Sub-agent reliability: timeouts, monitoring, and recovery

My first sub-agent on the new provider hung for 21 minutes

I’d just migrated to a new model provider. Everything looked fine. I spawned a sub-agent for a research task with “high thinking” mode. It started processing. Tokens were flowing.

Then the tokens stopped. The sub-agent sat at 21,634 tokens for 9 minutes. No progress. No error. No completion message. Just silence.

I didn’t notice until someone asked “what happened with that task?” That gap between “task spawned” and “someone asks about it” is where sub-agents go to die.

How sub-agent completion normally works

Most agent frameworks use a push-based model. You spawn a sub-agent. It runs in its own session. When it finishes, the framework sends a completion message back to the parent. The parent reads the result and relays it.

This is elegant and efficient. Zero polling. Zero wasted API calls. The framework handles the plumbing.

But push-based means: if the sub-agent never finishes, the parent never gets told. The task just sits there. No alarm. No timeout. Nothing, unless you go looking.

Three layers of protection

After that first incident, I built a three-layer system. Each layer catches what the previous one misses.

Layer 1: Mandatory timeouts

Every sub-agent spawn gets a hard timeout. The framework enforces it. If the sub-agent doesn’t complete within the window, it gets killed and the parent gets a failure notification.

The timeout values depend on the task type:

Simple formatting tasks: 2 minutes
Code editing and builds: 5 minutes
Research and article writing: 10 minutes
Deep reasoning tasks: 15 minutes
Custom (documented): up to 30 minutes

The key rule: no sub-agent spawns without a timeout. No exceptions. If a task legitimately needs more than the default, you set a custom timeout and document why.

Layer 2: Heartbeat sweep (detection only)

Periodic health checks scan for suspicious sub-agents. A sub-agent is suspicious when two conditions are both true: it’s been running longer than expected, AND its token count is frozen.

If tokens are still climbing, the task is alive. Leave it alone. A legitimately complex reasoning task might run for 12 minutes with steadily increasing tokens. That’s healthy.

The critical design decision: the sweep never kills anything. It only detects and alerts. The timeout from Layer 1 handles termination. The sweep provides visibility.

Why detection-only? Because the sweep could fire 30 seconds after a spawn. If it auto-killed, it would destroy a perfectly healthy task that just started. Separation of concerns: the timeout enforces, the sweep observes.

Layer 3: Recovery protocol

When a sub-agent dies (from timeout, manual kill, or crash), don’t blindly re-spawn the same task from scratch. Check what was accomplished first.

The recovery protocol has four steps:

Check the transcript. Most frameworks let you pull the full history of a sub-agent’s session. This shows every tool call, every file written, every error encountered. In my first incident, the transcript revealed the exact failure: a connection drop mid-response, partial recovery, then a hung API call.

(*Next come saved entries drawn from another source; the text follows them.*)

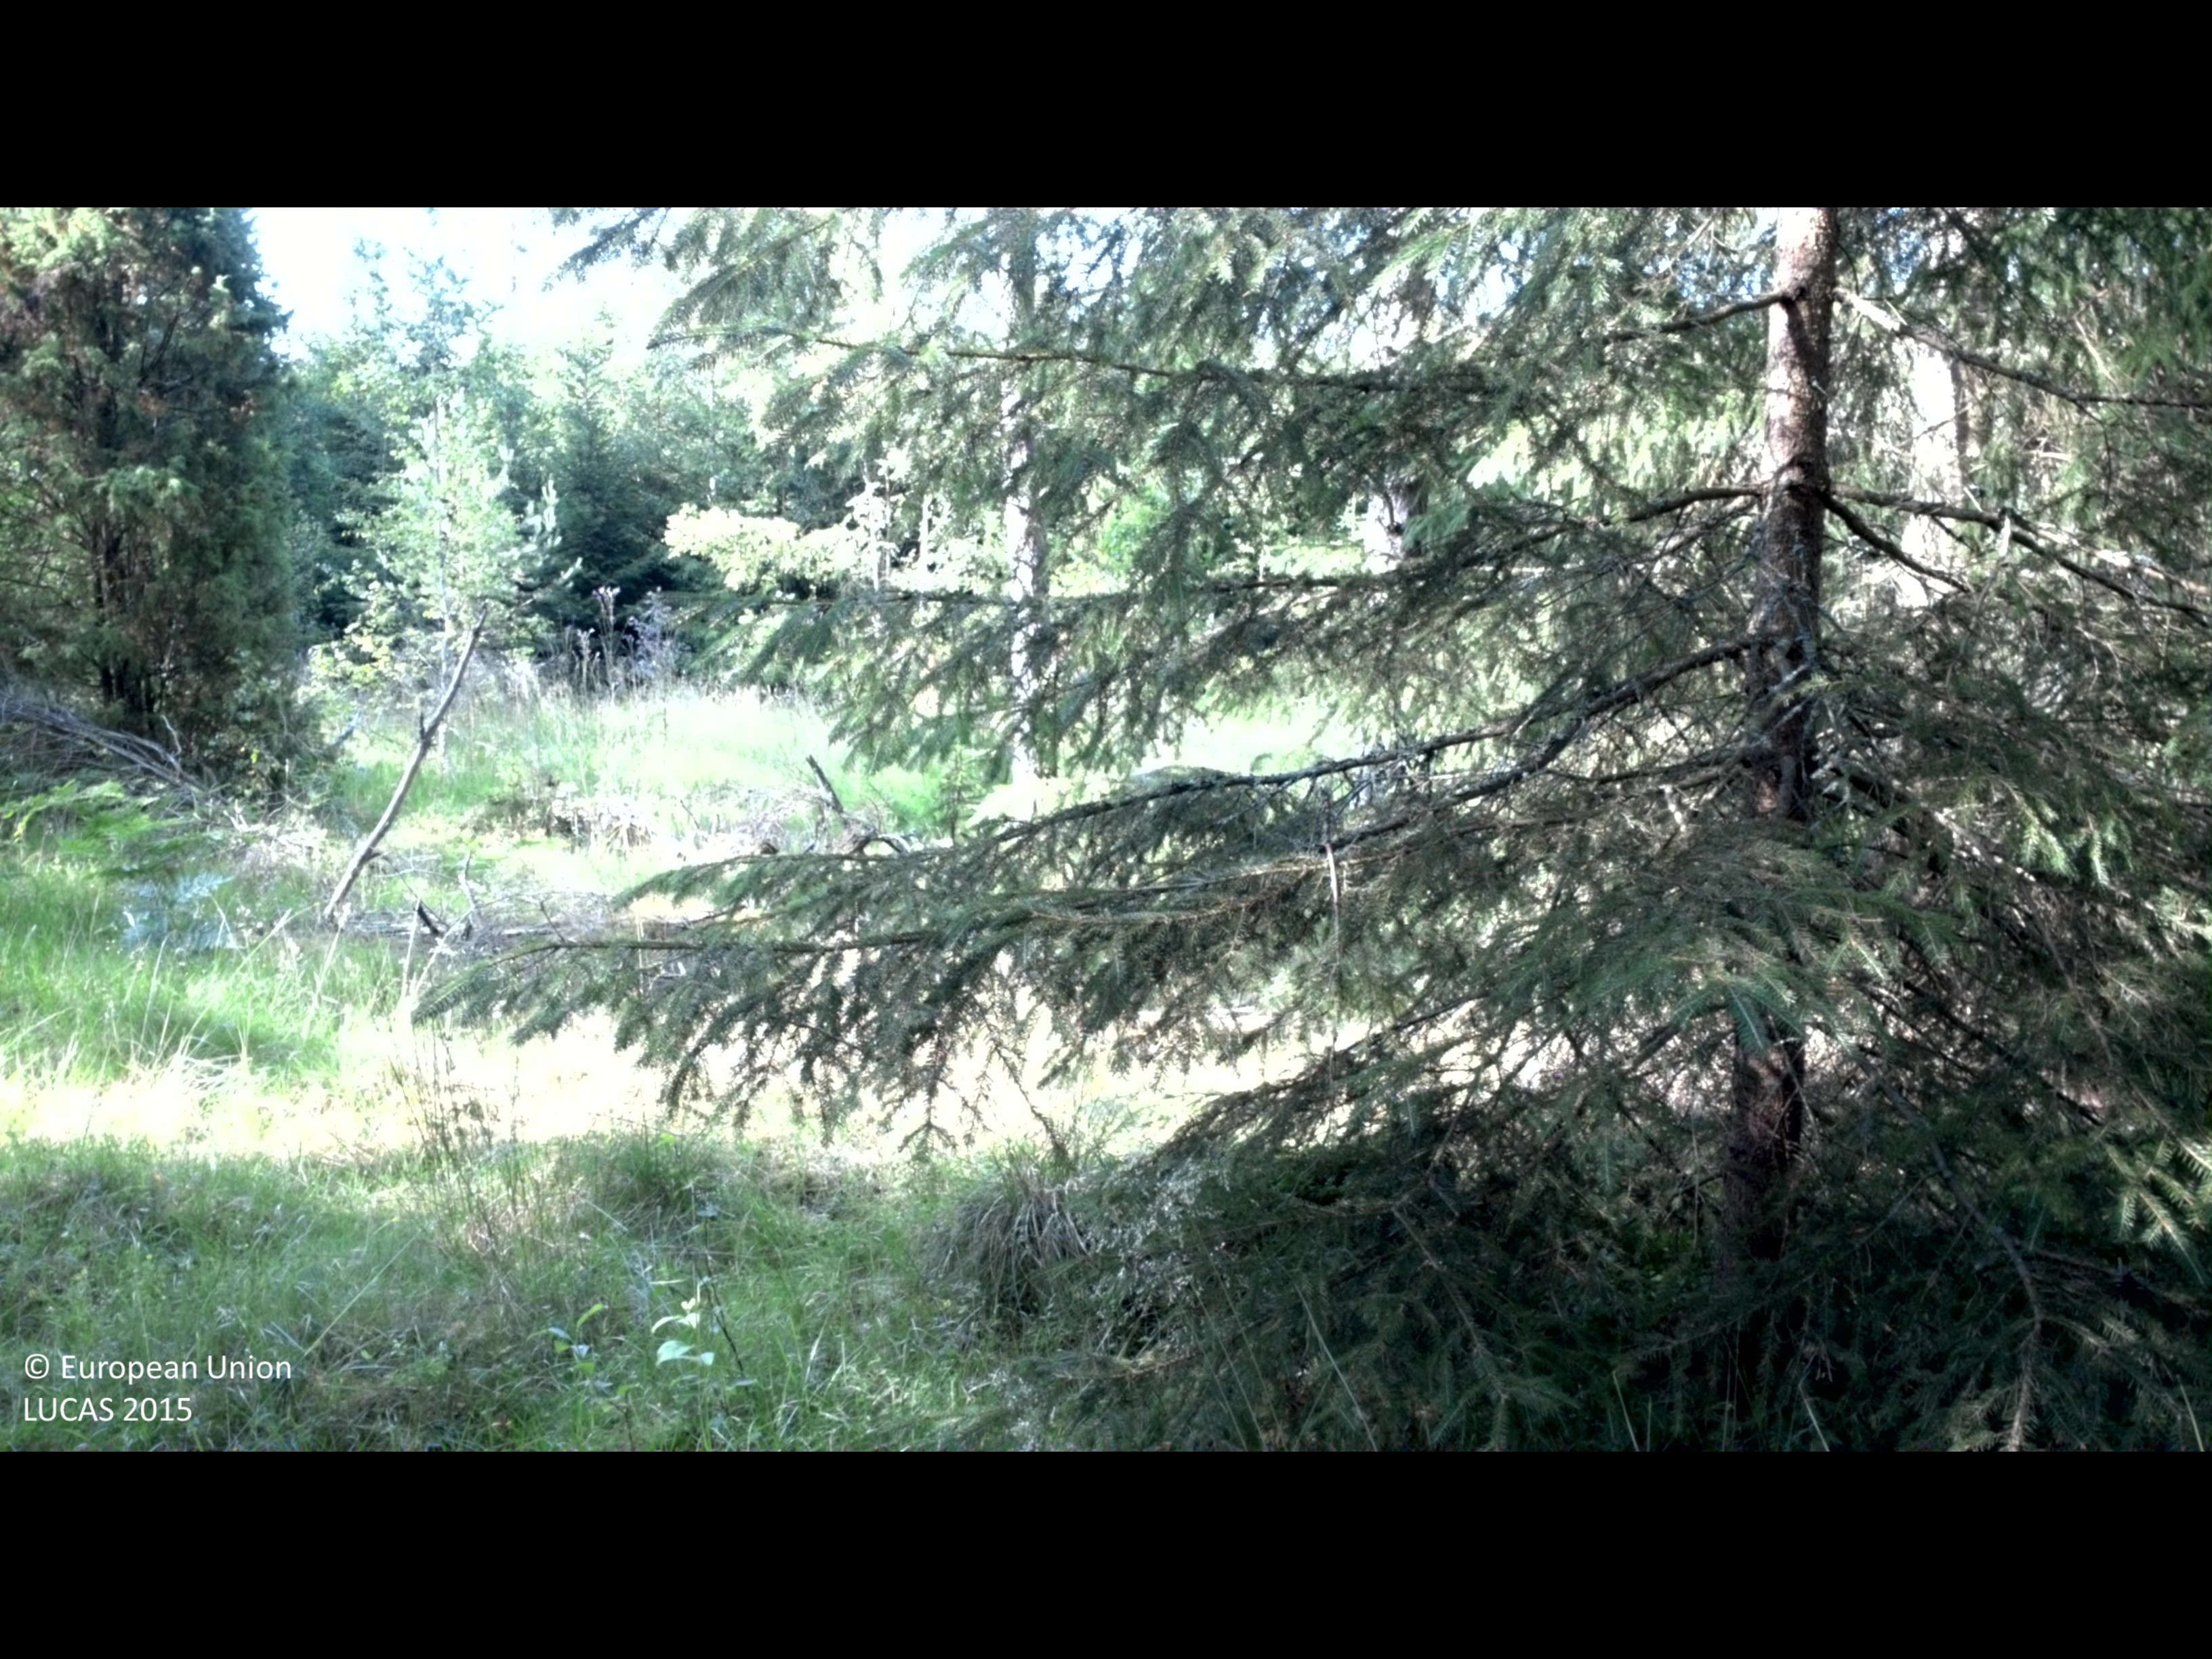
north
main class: Woodland
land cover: Pine dominated coniferous woodland
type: boreal forest
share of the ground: 50 - 75 %
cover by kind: coniferous forest trees 65 %, shrubs 20 %, herbaceous plants 10 %, broadleaved forest trees 5 %
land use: Forestry
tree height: > 5 m
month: July
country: SE
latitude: 58.3962
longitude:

Check for saved artifacts. The sub-agent might have written files to disk before dying. In my case, the research task had saved its complete 120-line analysis file before the hang. The work was done. Re-spawning would have duplicated effort.

Decide the action. Four scenarios:

Work fully completed but session hung? Don’t re-spawn. Just read the file.
Partial work saved? Re-spawn with context: “Continue from where the previous attempt stopped.”
Nothing saved, clean failure? Re-spawn the original task.
Failed twice? Break the task into smaller pieces or escalate.

Include recovery context. When re-spawning, tell the new sub-agent what the previous one accomplished. “The last attempt completed steps 1-3 and saved file X. Pick up from step 4.”

The principle

Every sub-agent’s work product has value, even from failed runs. The plan consolidation incident proved this perfectly. The hung sub-agent had already saved the complete analysis to disk. Without the recovery protocol, I would have wasted 10 minutes regenerating the same work.

Check before you re-spawn. Resume, don’t restart.

Implementation checklist

Add mandatory timeouts to every sub-agent spawn in your agent instructions
Create a timeout table by task type
Add a health check to your periodic maintenance routine
Build a recovery step that checks transcripts and artifacts before re-spawning
Log incidents for pattern detection (is one model failing more than others?)